Why clang++37 behaves differently on 9.3 and 10.3?

Dimitry Andric dim at FreeBSD.org
Thu May 12 18:00:08 UTC 2016

On 12 May 2016, at 13:33, Yuri <yuri at rawbw.com> wrote:
> clang++37 compiles this simple program fine on 10.3, but fails on 9.3.
> Why does it behave differently on different OS versions?
> It looks like it ignores -std=c++11 on 9.3.

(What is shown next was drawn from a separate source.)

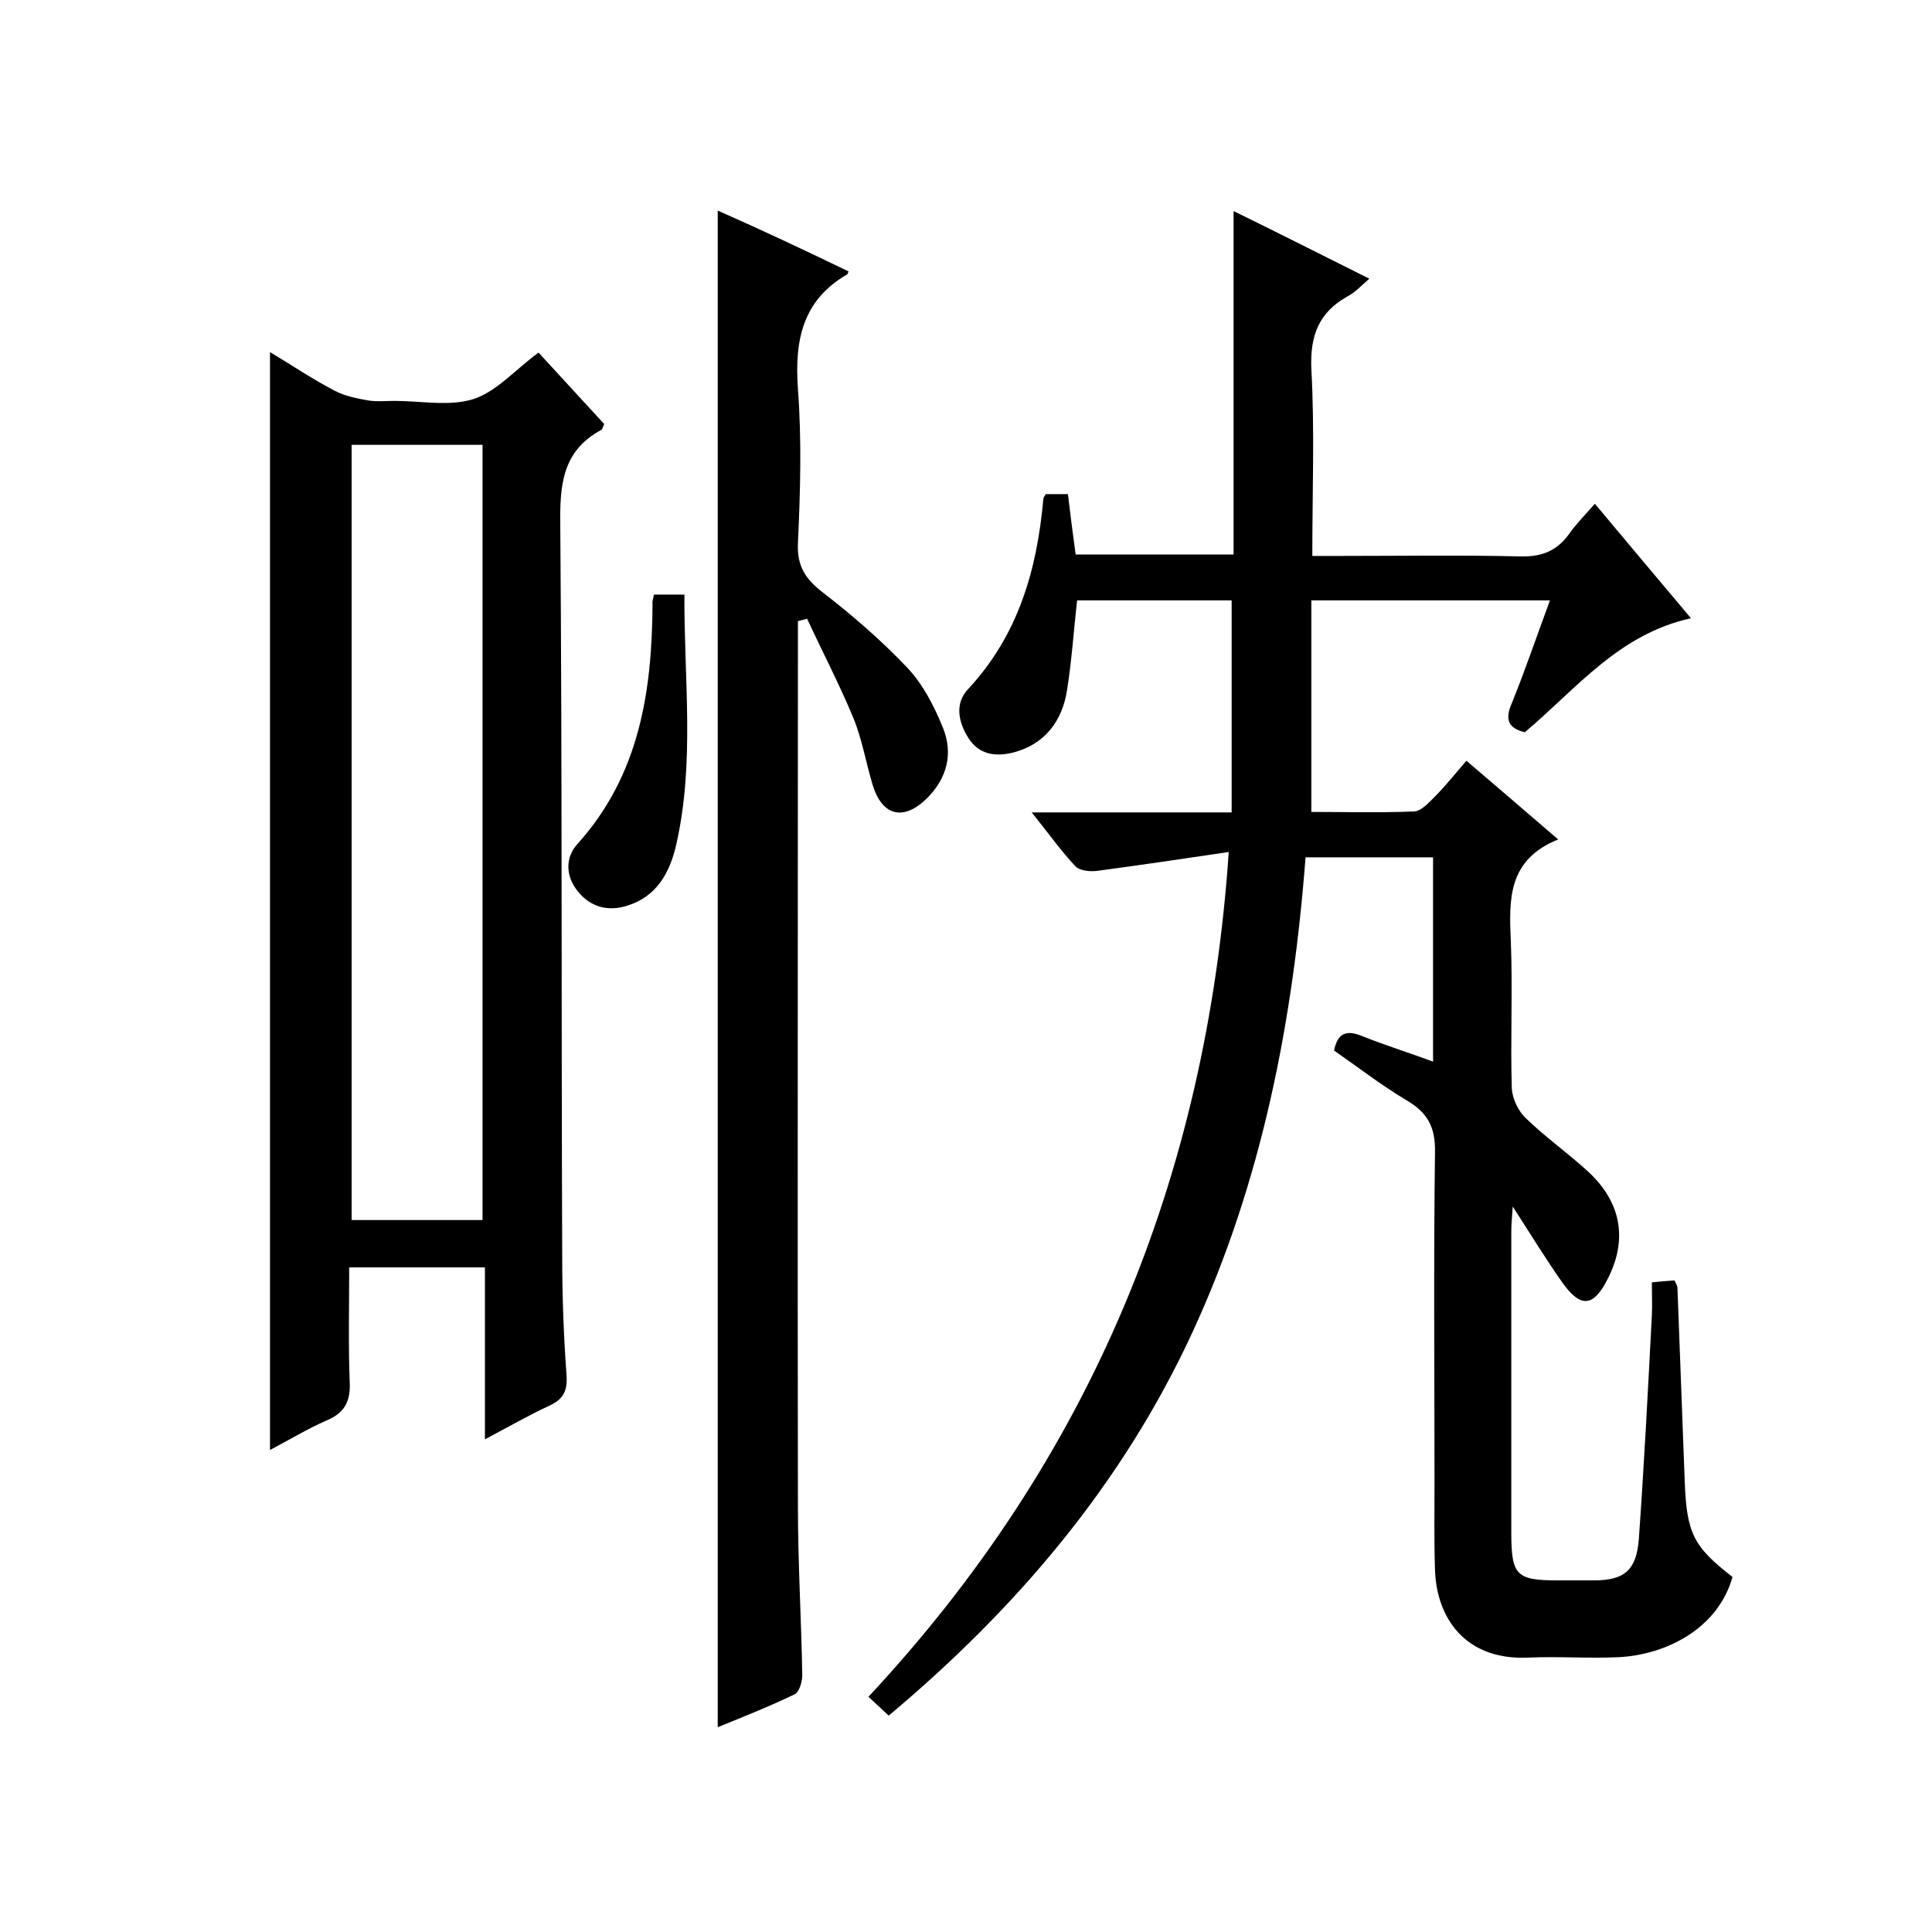 <svg enable-background="new 0 0 400 400" viewBox="0 0 400 400" xmlns="http://www.w3.org/2000/svg"><path d="m254.4 176.4c-9.4 1.4-18.3 2.7-27.2 3.9-1.5.2-3.7 0-4.6-1-3-3.2-5.6-6.9-9-11.1h41.4c0-14.9 0-29.3 0-43.9-10.3 0-21.1 0-32 0-.7 6.2-1.1 12.5-2.1 18.7-1 6.3-4.6 11.1-11.1 12.8-3.6.9-7.1.5-9.3-3-2.1-3.3-2.9-7.2 0-10.2 10.3-11.1 14.2-24.6 15.5-39.2 0-.3.2-.6.5-1.1h4.6c.5 4.1 1 8.2 1.6 12.5h32.7c0-23.5 0-47 0-71.1 9.4 4.6 18.5 9.2 28.1 14-1.6 1.4-2.9 2.8-4.4 3.6-6 3.3-7.9 8.1-7.6 15.1.7 12.6.2 25.3.2 38.7h6.1c12.3 0 24.7-.2 37 .1 4.5.1 7.6-1.2 10.1-4.7 1.4-2 3.2-3.8 5.3-6.2 6.6 7.9 13 15.5 19.9 23.7-15 3.3-23.7 14.6-34.4 23.6-3.4-.8-4.2-2.6-2.7-6 2.8-6.9 5.2-14 7.9-21.3-16.5 0-32.5 0-49.4 0v43.8c6.7 0 14 .2 21.3-.1 1.5-.1 3-1.8 4.2-3 2.2-2.2 4.2-4.7 6.6-7.5 6.3 5.4 12.3 10.5 19 16.3-10.4 4.2-10.2 12.3-9.8 21 .4 10.2-.1 20.3.2 30.5.1 2.1 1.3 4.7 2.9 6.2 3.9 3.8 8.4 7 12.5 10.7 7.2 6.4 8.7 14.2 4.5 22.5-3 6-5.7 6.2-9.6.6-3.3-4.7-6.3-9.6-10.1-15.5-.2 2.6-.3 3.9-.3 5.1v62.5c0 8.8 1.1 9.8 9.6 9.8h7.5c6.3 0 8.8-2.1 9.3-8.5 1.1-15.5 1.9-30.9 2.7-46.4.1-2.1 0-4.3 0-6.8 1.8-.2 3.2-.3 4.7-.4.3.7.6 1.1.6 1.6.5 13.3 1 26.6 1.5 39.9.4 10.9 1.8 13.6 9.9 19.9-3.1 10.9-14 16.1-23.5 16.6-6.3.3-12.7-.2-19 .1-12.9.5-18.8-8.3-19.1-18.2-.2-6-.1-12-.1-18 0-22.8-.2-45.7.1-68.5.1-5.2-1.6-8.2-5.9-10.7-5.2-3.1-10.1-6.9-15-10.3.8-3.9 2.8-4.2 5.8-3 4.7 1.9 9.6 3.4 14.7 5.3 0-14.4 0-28.1 0-42.3-8.7 0-17.3 0-26.4 0-2.6 33.9-9 67.1-23.4 98.3-14.5 31.4-36.3 57.1-62.9 79.4-1.4-1.3-2.6-2.4-4.2-3.9 45.9-49.2 70-107.3 74.6-174.9z"/><path d="m55.9 300.2c0-76 0-151.4 0-227.3 4.5 2.7 8.8 5.6 13.4 8 2.1 1.1 4.6 1.6 6.9 2 1.8.3 3.7.1 5.5.1 5.5 0 11.4 1.2 16.4-.4 4.8-1.6 8.6-6.1 13.4-9.6 4.4 4.8 9 9.8 13.6 14.8-.3.6-.4 1.1-.6 1.2-8.2 4.4-8.6 11.6-8.5 19.8.4 50.5.2 101 .4 151.5 0 8.2.3 16.3.9 24.5.2 3.2-.7 4.9-3.5 6.2-4.3 2-8.5 4.4-13.4 7 0-12.2 0-23.8 0-35.6-9.5 0-18.4 0-28.1 0 0 7.9-.2 15.8.1 23.7.2 4-1 6.4-4.8 8-3.9 1.7-7.7 4-11.7 6.1zm16.9-208.1v160.5h27.1c0-53.7 0-107 0-160.5-9.2 0-18 0-27.1 0z"/><path d="m175.7 56.2c-.2.3-.2.6-.3.6-9.3 5.4-10.9 13.7-10.2 23.7.8 10.6.5 21.3 0 32-.2 4.8 1.6 7.4 5.2 10.2 6.2 4.8 12.1 9.9 17.5 15.6 3.2 3.4 5.5 7.9 7.3 12.3 2.2 5.4.9 10.5-3.3 14.7-4.8 4.7-9.2 3.7-11.2-2.7-1.4-4.6-2.2-9.5-4-13.9-2.9-7-6.4-13.7-9.6-20.6-.6.2-1.2.3-1.9.5v4.7c0 59.5-.1 119 0 178.5 0 11.7.7 23.3.9 35 0 1.4-.6 3.5-1.6 4-5.2 2.5-10.5 4.6-15.9 6.8 0-104.8 0-209.1 0-314 9.3 4.1 18.2 8.3 27.1 12.6z"/><path d="m135.4 123.1h6.3c-.1 17.4 2.2 34.7-1.7 51.8-1.3 5.7-4 10.7-10.1 12.6-4 1.3-7.7.3-10.3-3-2.5-3.1-2.6-6.9-.1-9.7 12.9-14.3 15.5-31.6 15.6-49.8-.1-.4.1-.9.3-1.9z"/></svg>

You cannot compile for C++11 on a 9.x installation, because clang will
use libstdc++ by default there, and the version of libstdc++ in the
9.x base system is not C++11 compatible.

To be able to use C++11, you must install libc++ first, using for

export CC=clang
export CXX=clang++

cd /usr/src/lib/libcxxrt
make obj
make depend
make install

cd /usr/src/lib/libc++
make obj
make depend
make install

Alternatively, rebuild world with these settings in /etc/src.conf:


On FreeBSD 10.x, clang and libc++ are the defaults, and C++11 can be
used out of the box.

> test.cc:6:17: note: initializer of 'vmax' is not a constant expression
> test.cc:5:13: note: declared here
>  const int vmax = std::numeric_limits<int>::max();
>            ^

This is because libstdc++ defines numeric_limits<int>::max() as follows:

    struct numeric_limits<int>
      static int max() throw()
      { return __INT_MAX__; }

While max() appears to be pretty constant in its return value, it is not
defined constexpr, and therefore you cannot use it in a static assert.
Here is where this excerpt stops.